La limitación a PCIe Gen2 se nota frente a soluciones más modernas. Para almacenamiento convencional, redes de velocidad moderada o tarjetas de expansión sencillas no suele ser un problema grave. En cambio, para dispositivos que dependen mucho del ancho de banda, la interfaz puede convertirse en el cuello de botella. Los accesorios Gen3 o superiores pueden ser físicamente compatibles en algunos casos, pero funcionarán como máximo dentro de las posibilidades del enlace Gen2 y no siempre estarán validados por el fabricante.
Puntos fuertes y aspectos mejorables
Entre sus puntos fuertes destacaría:
- Dos canales PCIe x1 en una placa compacta.
- Conexión directa mediante FFC PCIe de 16 pines.
- Cables de dos longitudes para adaptar el montaje.
- Separadores incluidos, útiles para evitar contactos accidentales.
- Posibilidad de combinarla con determinados HAT PCIe y accesorios PoE compatibles.
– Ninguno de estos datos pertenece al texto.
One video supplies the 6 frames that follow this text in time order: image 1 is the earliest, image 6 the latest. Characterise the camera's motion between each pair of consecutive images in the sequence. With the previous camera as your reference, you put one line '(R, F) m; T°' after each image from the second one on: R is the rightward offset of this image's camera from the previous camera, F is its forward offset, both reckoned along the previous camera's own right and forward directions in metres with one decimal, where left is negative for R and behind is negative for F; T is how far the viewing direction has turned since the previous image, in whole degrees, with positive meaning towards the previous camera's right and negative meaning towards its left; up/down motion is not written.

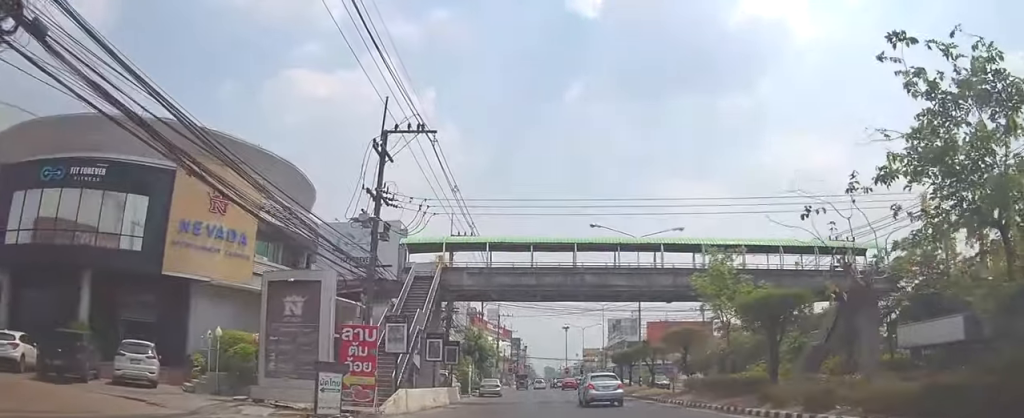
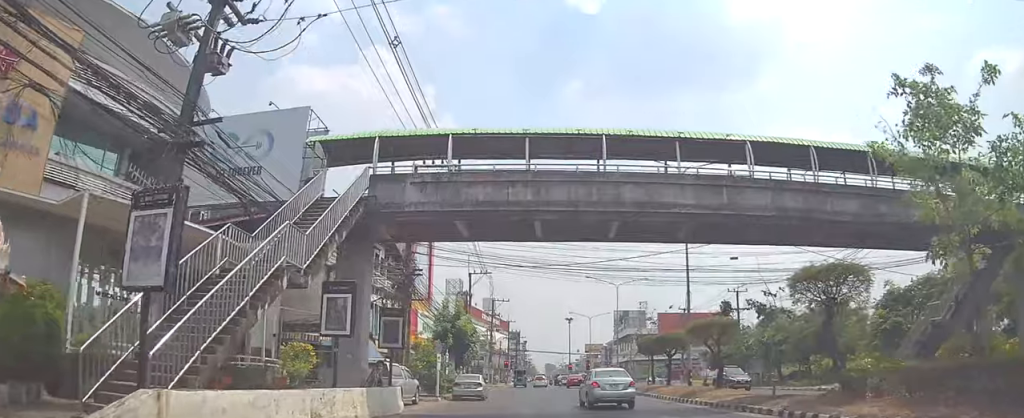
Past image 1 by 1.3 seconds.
(-0.1, +13.3) m; 0°
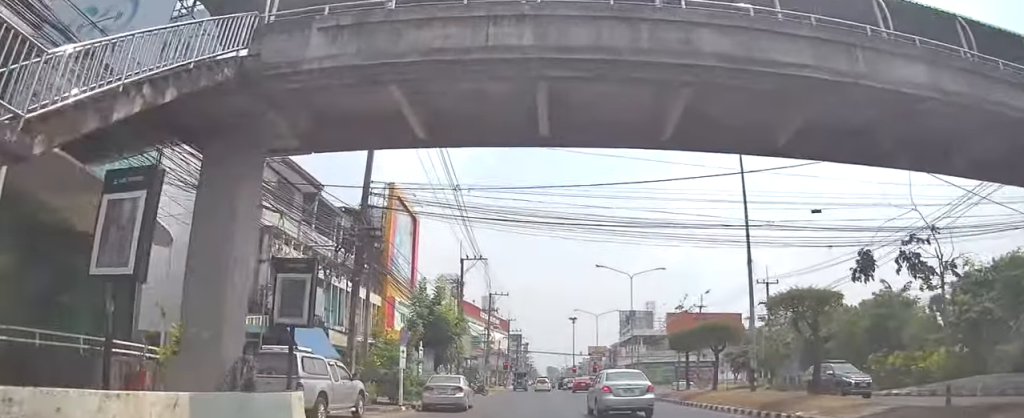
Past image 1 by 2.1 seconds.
(+0.2, +8.4) m; -2°
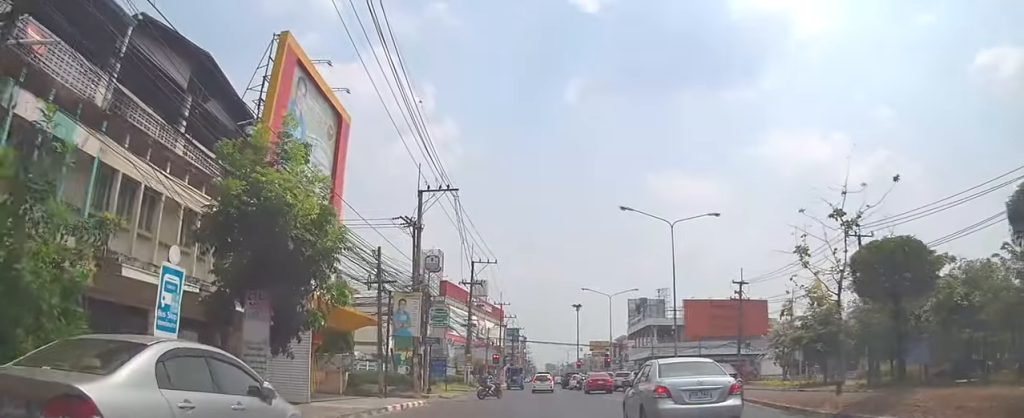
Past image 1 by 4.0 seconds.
(-1.1, +19.5) m; -1°
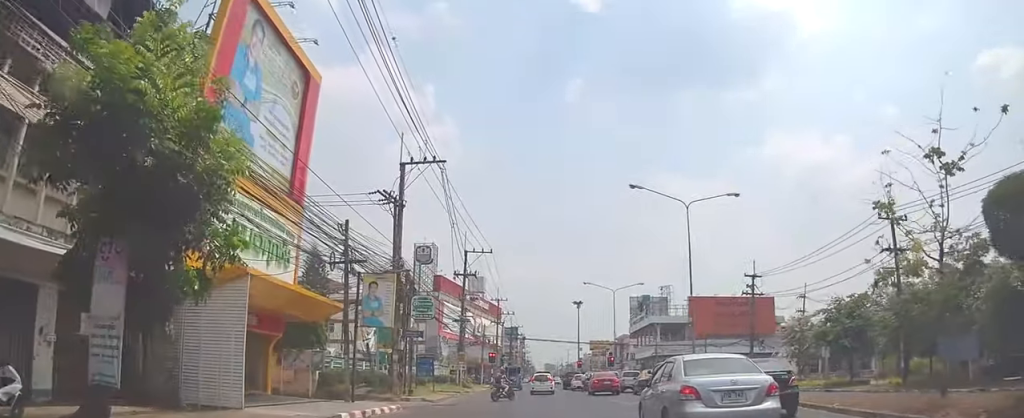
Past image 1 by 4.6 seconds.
(+0.4, +5.0) m; 0°
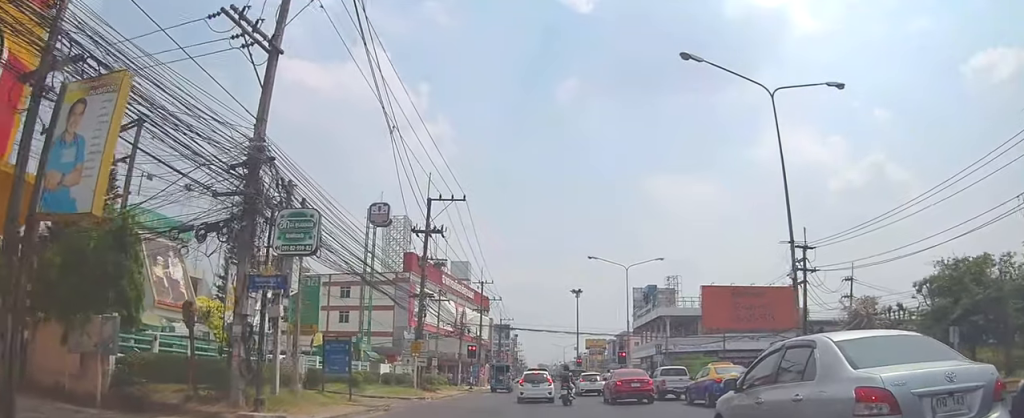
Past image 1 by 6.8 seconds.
(+1.1, +16.7) m; +2°
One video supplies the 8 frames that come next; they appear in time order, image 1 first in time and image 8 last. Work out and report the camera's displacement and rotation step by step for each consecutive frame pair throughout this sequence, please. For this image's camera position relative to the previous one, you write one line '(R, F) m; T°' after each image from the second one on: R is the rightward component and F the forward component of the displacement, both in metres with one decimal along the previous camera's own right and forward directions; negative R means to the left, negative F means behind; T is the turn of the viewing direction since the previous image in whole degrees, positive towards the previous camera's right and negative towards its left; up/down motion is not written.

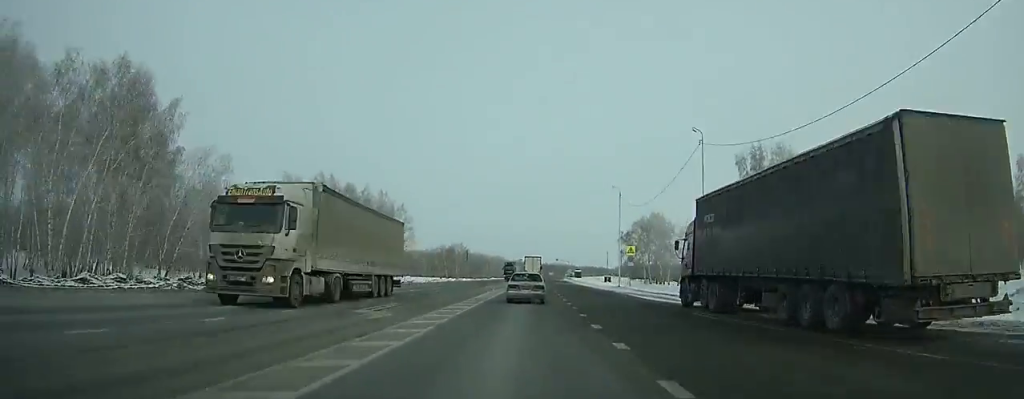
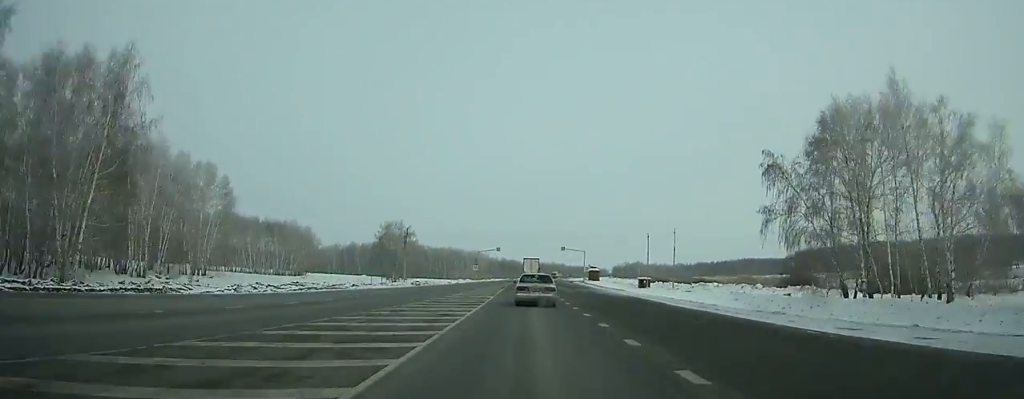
(+1.1, +92.3) m; +1°
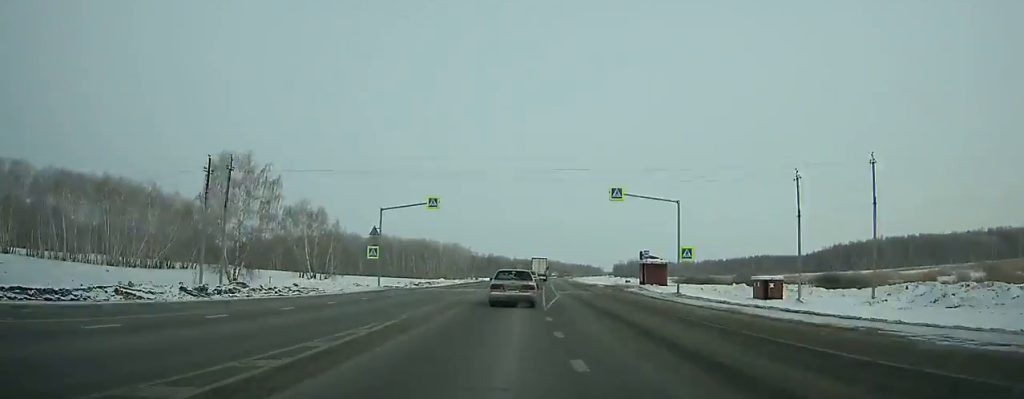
(+0.7, +75.7) m; +1°
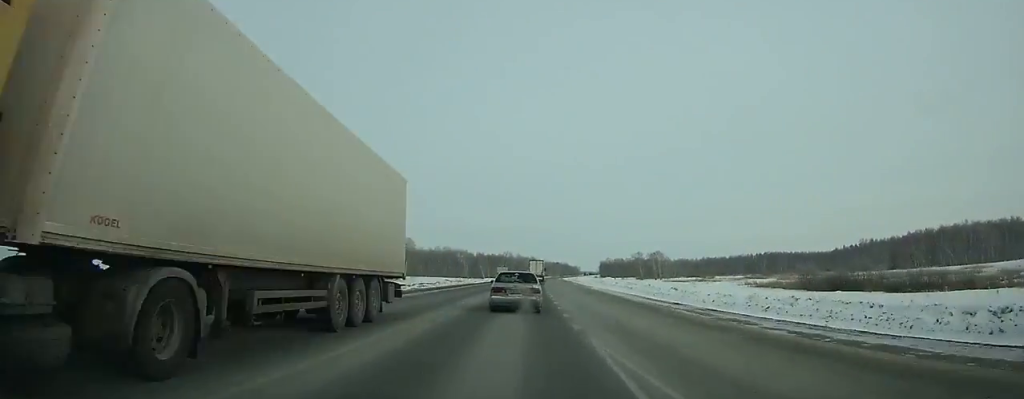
(+2.7, +117.2) m; +3°
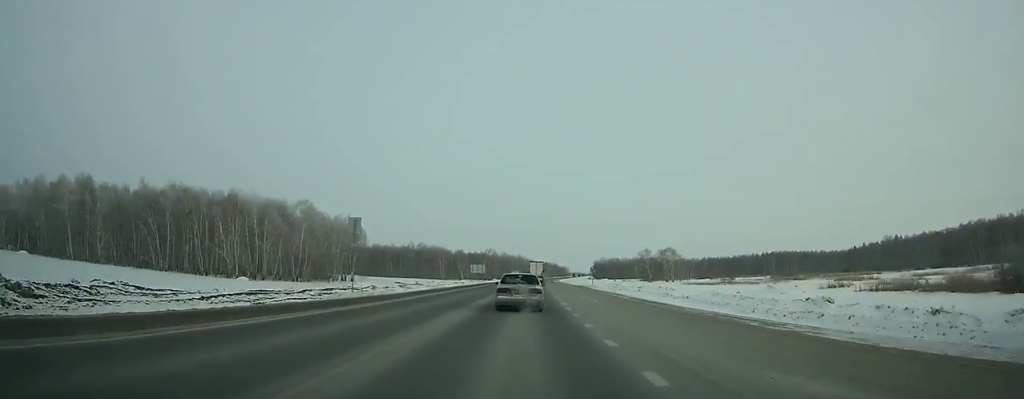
(+0.4, +51.9) m; +1°
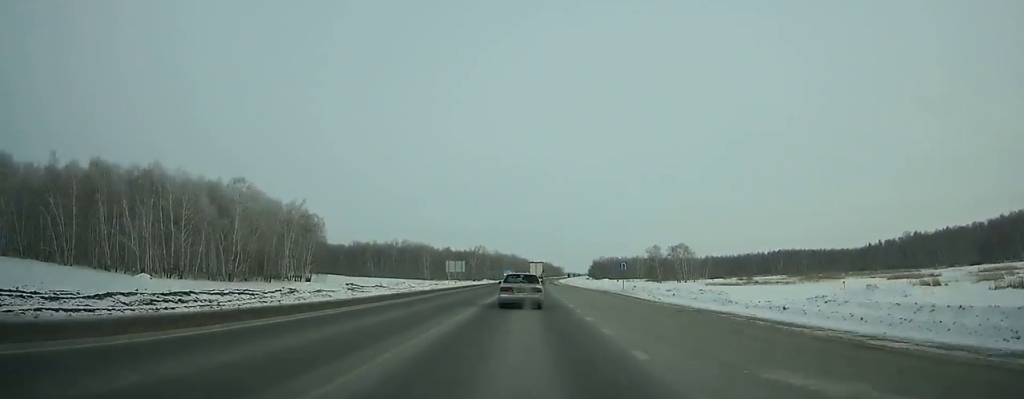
(+0.3, +30.7) m; +1°
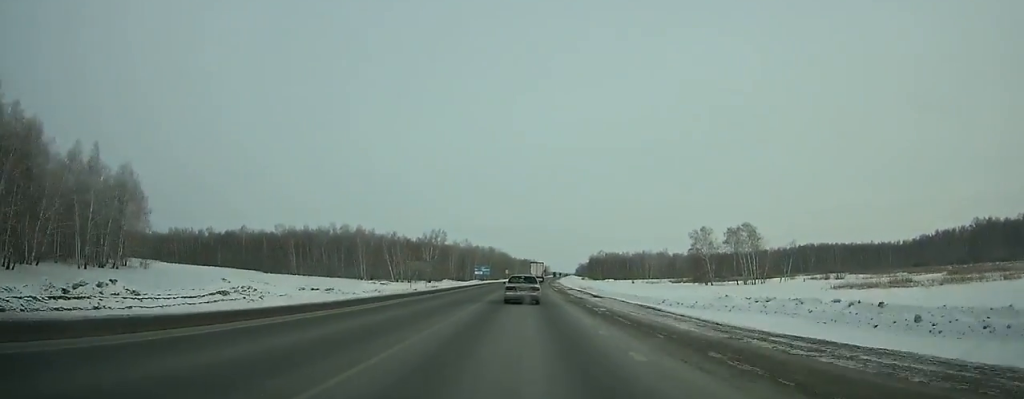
(+1.6, +86.3) m; +2°
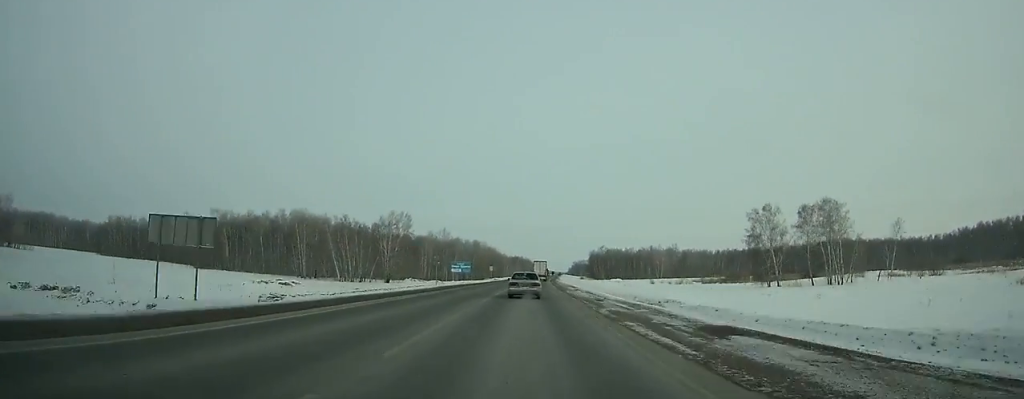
(+0.5, +47.4) m; +1°

- Buena utilidad para prototipos, almacenamiento y laboratorios domésticos.
Como aspectos mejorables, echo en falta una información más detallada sobre la topología exacta de los dos canales, la alimentación máxima disponible y las combinaciones de HAT oficialmente verificadas. Son datos relevantes cuando se pretende instalar simultáneamente una unidad NVMe, una tarjeta de red o un accesorio PoE.
También hay que prestar atención a la ventilación. Al apilar varias placas sobre una Raspberry Pi 5, el flujo de aire puede empeorar y aumentar la temperatura del procesador o del dispositivo PCIe. Recomiendo utilizar una caja compatible, dejar espacio entre placas y fijar los cables sin bloquear el ventilador.
Durante la instalación, apagaría completamente la Raspberry Pi, desconectaría la fuente de alimentación y revisaría dos veces la orientación del cable FFC. Después comprobaría el reconocimiento del hardware desde el sistema operativo antes de cerrar la caja. Si un dispositivo no aparece, revisaría primero el cable, la configuración PCIe, la alimentación y los controladores.
Veredicto del experto
Considero esta placa una ampliación práctica para sacar más partido a la interfaz PCIe de la Raspberry Pi 5 cuando se necesitan dos accesorios compatibles. Su valor no está en proporcionar velocidades de nueva generación, sino en facilitar montajes más flexibles y ordenados que los basados exclusivamente en adaptadores externos.
La recomendaría para proyectos de almacenamiento, servidores compactos, pruebas con tarjetas PCIe y configuraciones con varios HAT, siempre que se acepte el límite PCIe Gen2 y se compruebe la compatibilidad de cada periférico. No la elegiría para cargas que dependan de un ancho de banda muy elevado ni para instalaciones que requieran una compatibilidad garantizada con cualquier dispositivo PCIe.
Con una planificación cuidadosa de la alimentación, la ventilación y la longitud de los cables, es una solución versátil para ampliar una Raspberry Pi 5 sin complicar demasiado el montaje físico.